##### SUPPLIED DATA

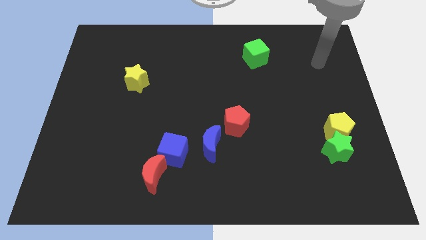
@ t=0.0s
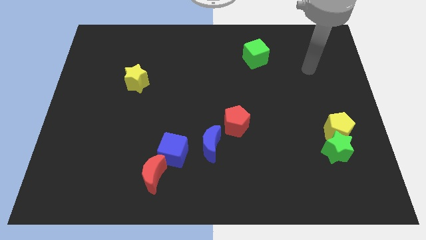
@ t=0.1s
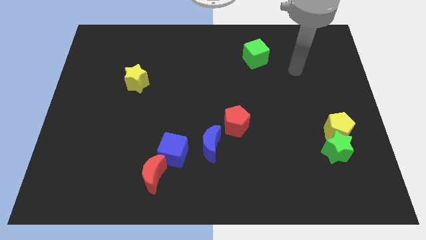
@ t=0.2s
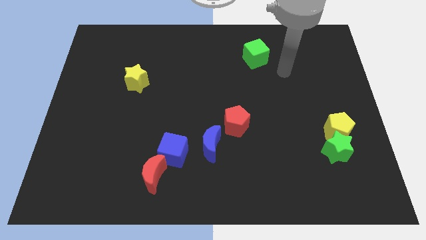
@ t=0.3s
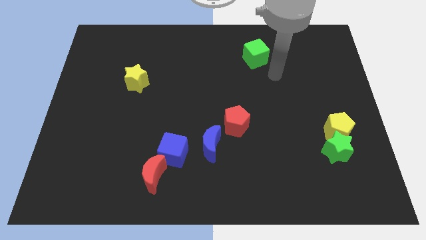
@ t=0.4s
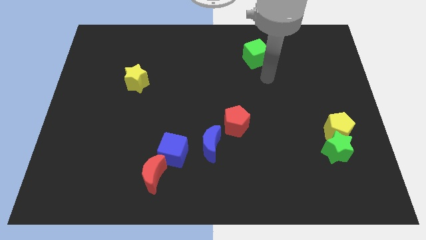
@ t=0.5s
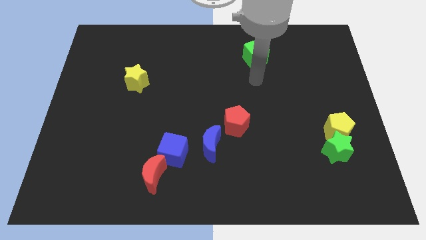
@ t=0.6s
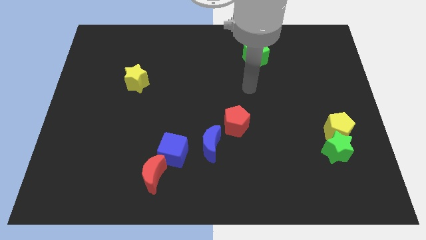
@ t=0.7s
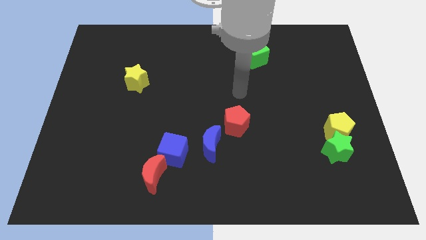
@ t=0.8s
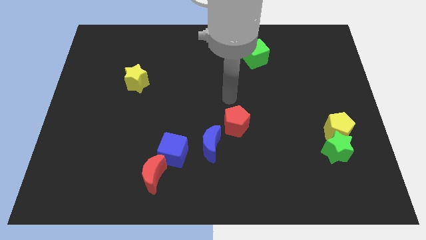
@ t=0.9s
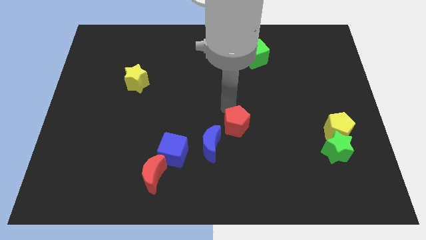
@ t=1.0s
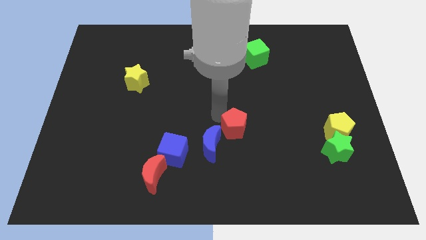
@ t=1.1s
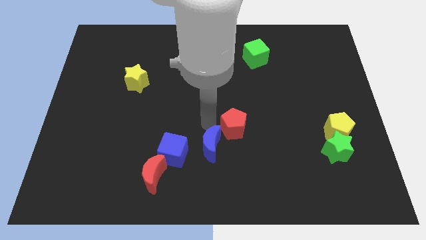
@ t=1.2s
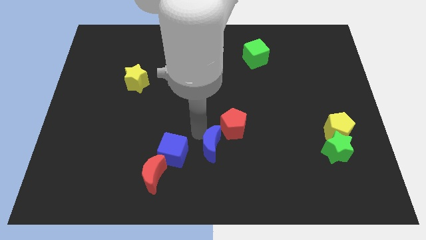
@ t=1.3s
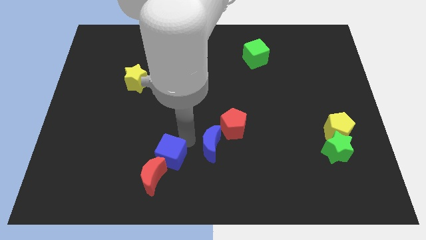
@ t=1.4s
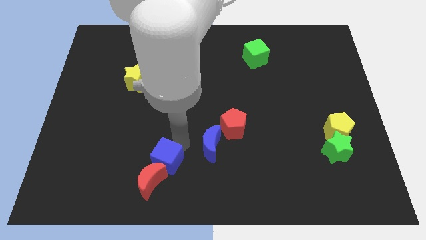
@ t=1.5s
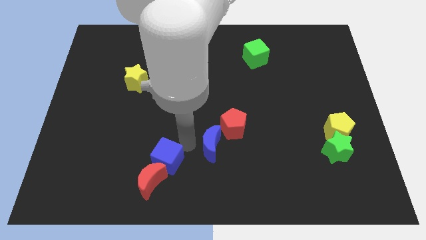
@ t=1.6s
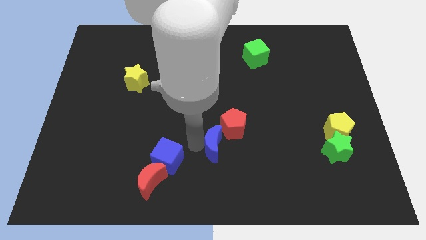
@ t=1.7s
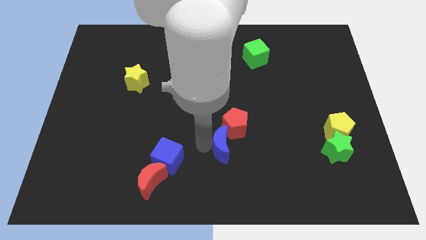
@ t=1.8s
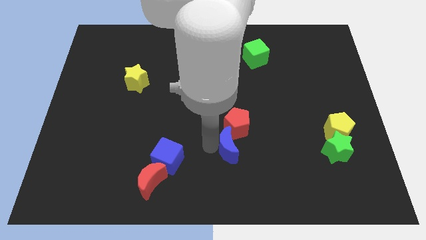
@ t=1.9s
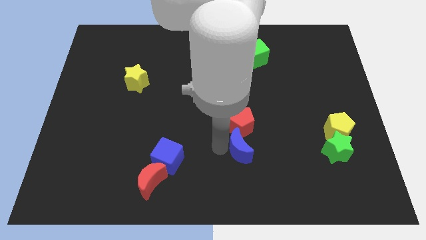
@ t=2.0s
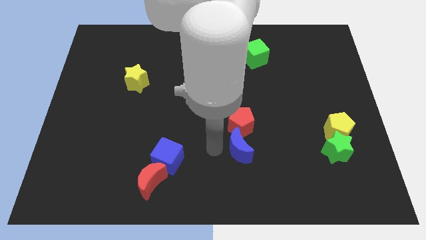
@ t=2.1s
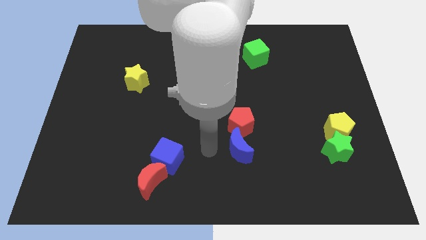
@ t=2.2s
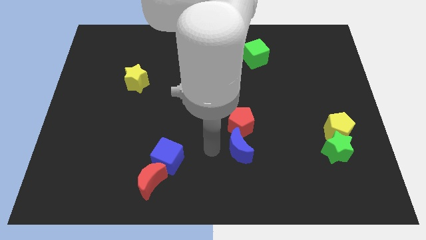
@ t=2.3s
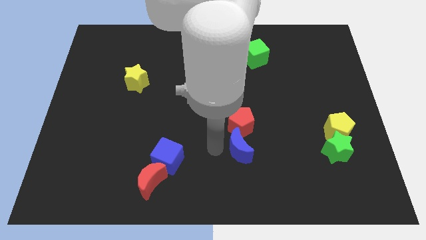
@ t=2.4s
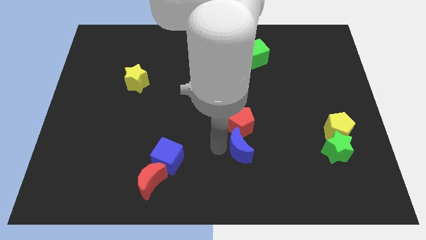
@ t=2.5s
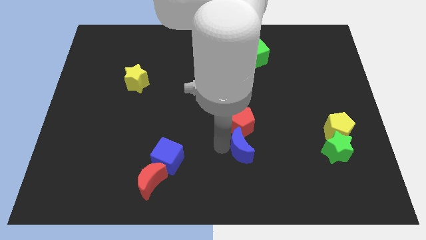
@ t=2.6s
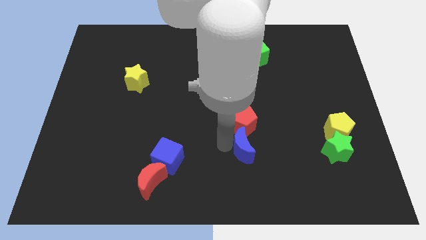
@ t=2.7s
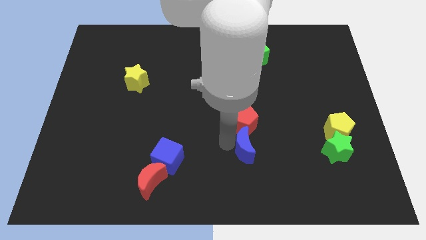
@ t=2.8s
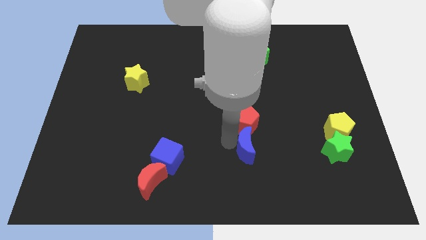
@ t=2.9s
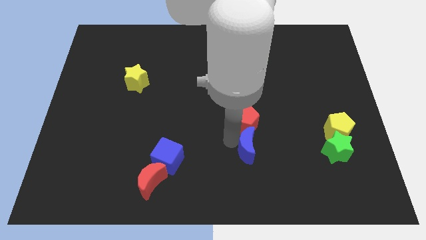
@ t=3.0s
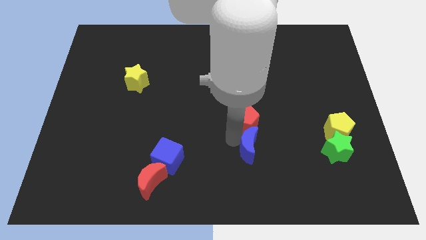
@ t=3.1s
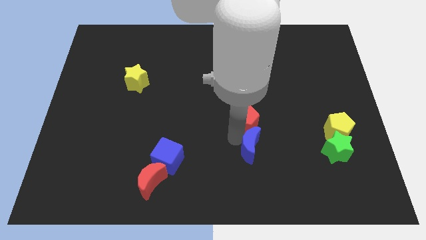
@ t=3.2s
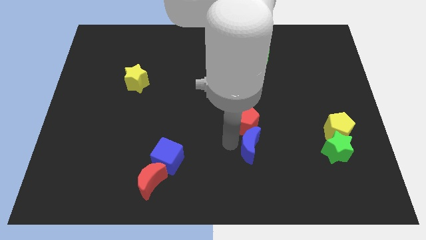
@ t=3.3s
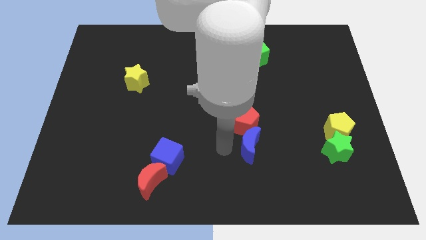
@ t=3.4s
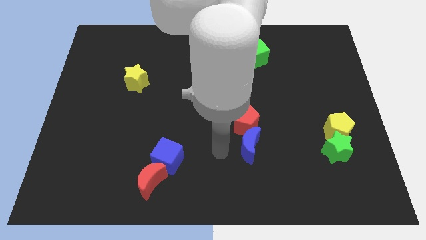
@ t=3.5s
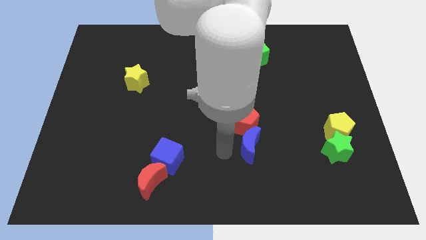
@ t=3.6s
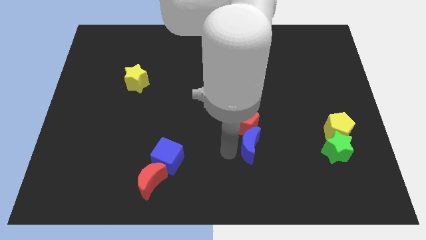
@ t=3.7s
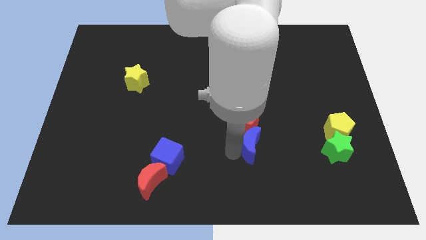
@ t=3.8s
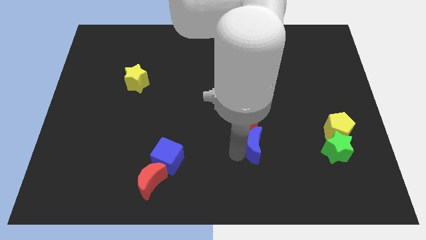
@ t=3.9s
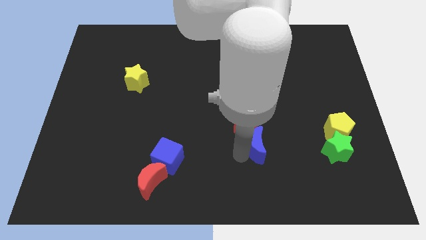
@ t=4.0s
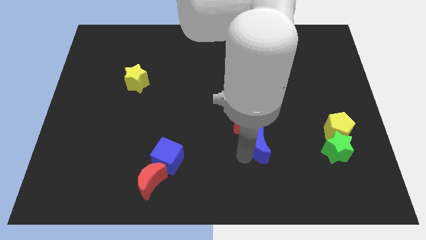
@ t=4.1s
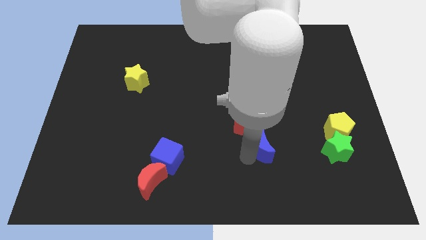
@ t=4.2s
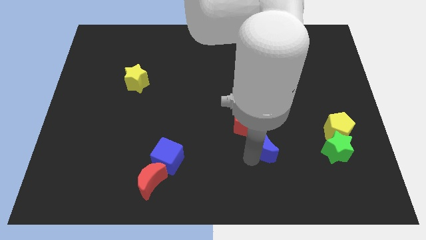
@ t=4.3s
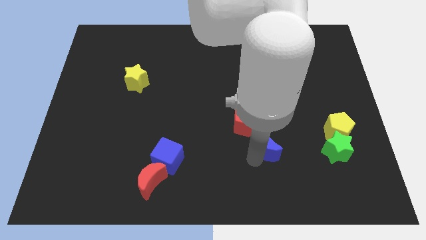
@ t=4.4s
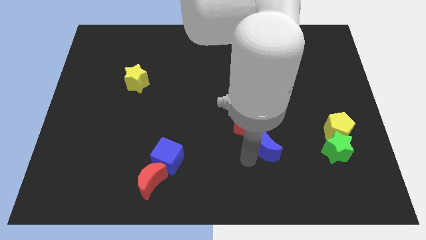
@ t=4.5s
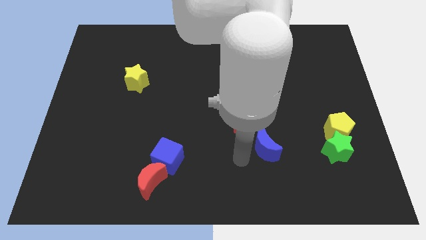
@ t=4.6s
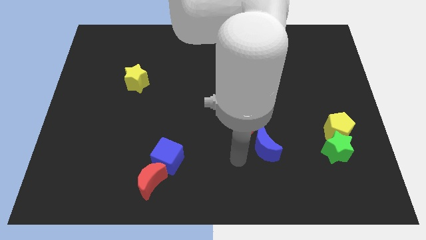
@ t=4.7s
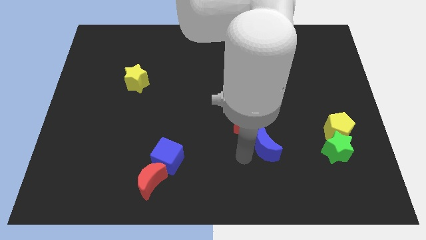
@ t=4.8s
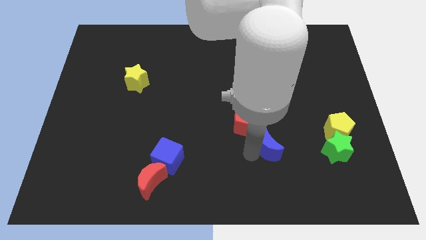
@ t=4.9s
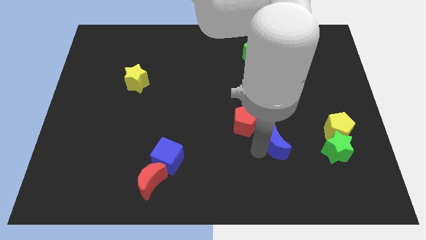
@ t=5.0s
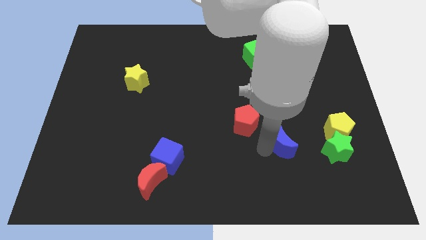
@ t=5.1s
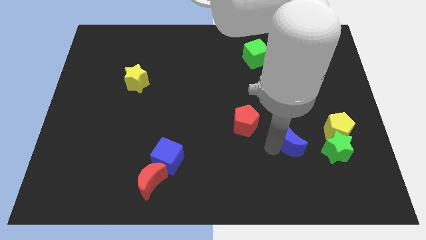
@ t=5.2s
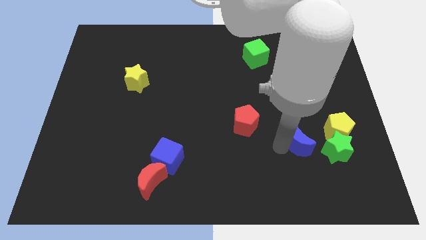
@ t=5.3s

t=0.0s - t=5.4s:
push the blue moon to the top left of the green star

##########

- [WHAT TO PRODUCE]:
Could you retype every record above exactly, leaving the pictures out?

- [EXERCISE RESULT]:
@ t=0.0s
@ t=0.1s
@ t=0.2s
@ t=0.3s
@ t=0.4s
@ t=0.5s
@ t=0.6s
@ t=0.7s
@ t=0.8s
@ t=0.9s
@ t=1.0s
@ t=1.1s
@ t=1.2s
@ t=1.3s
@ t=1.4s
@ t=1.5s
@ t=1.6s
@ t=1.7s
@ t=1.8s
@ t=1.9s
@ t=2.0s
@ t=2.1s
@ t=2.2s
@ t=2.3s
@ t=2.4s
@ t=2.5s
@ t=2.6s
@ t=2.7s
@ t=2.8s
@ t=2.9s
@ t=3.0s
@ t=3.1s
@ t=3.2s
@ t=3.3s
@ t=3.4s
@ t=3.5s
@ t=3.6s
@ t=3.7s
@ t=3.8s
@ t=3.9s
@ t=4.0s
@ t=4.1s
@ t=4.2s
@ t=4.3s
@ t=4.4s
@ t=4.5s
@ t=4.6s
@ t=4.7s
@ t=4.8s
@ t=4.9s
@ t=5.0s
@ t=5.1s
@ t=5.2s
@ t=5.3s

t=0.0s - t=5.4s:
push the blue moon to the top left of the green star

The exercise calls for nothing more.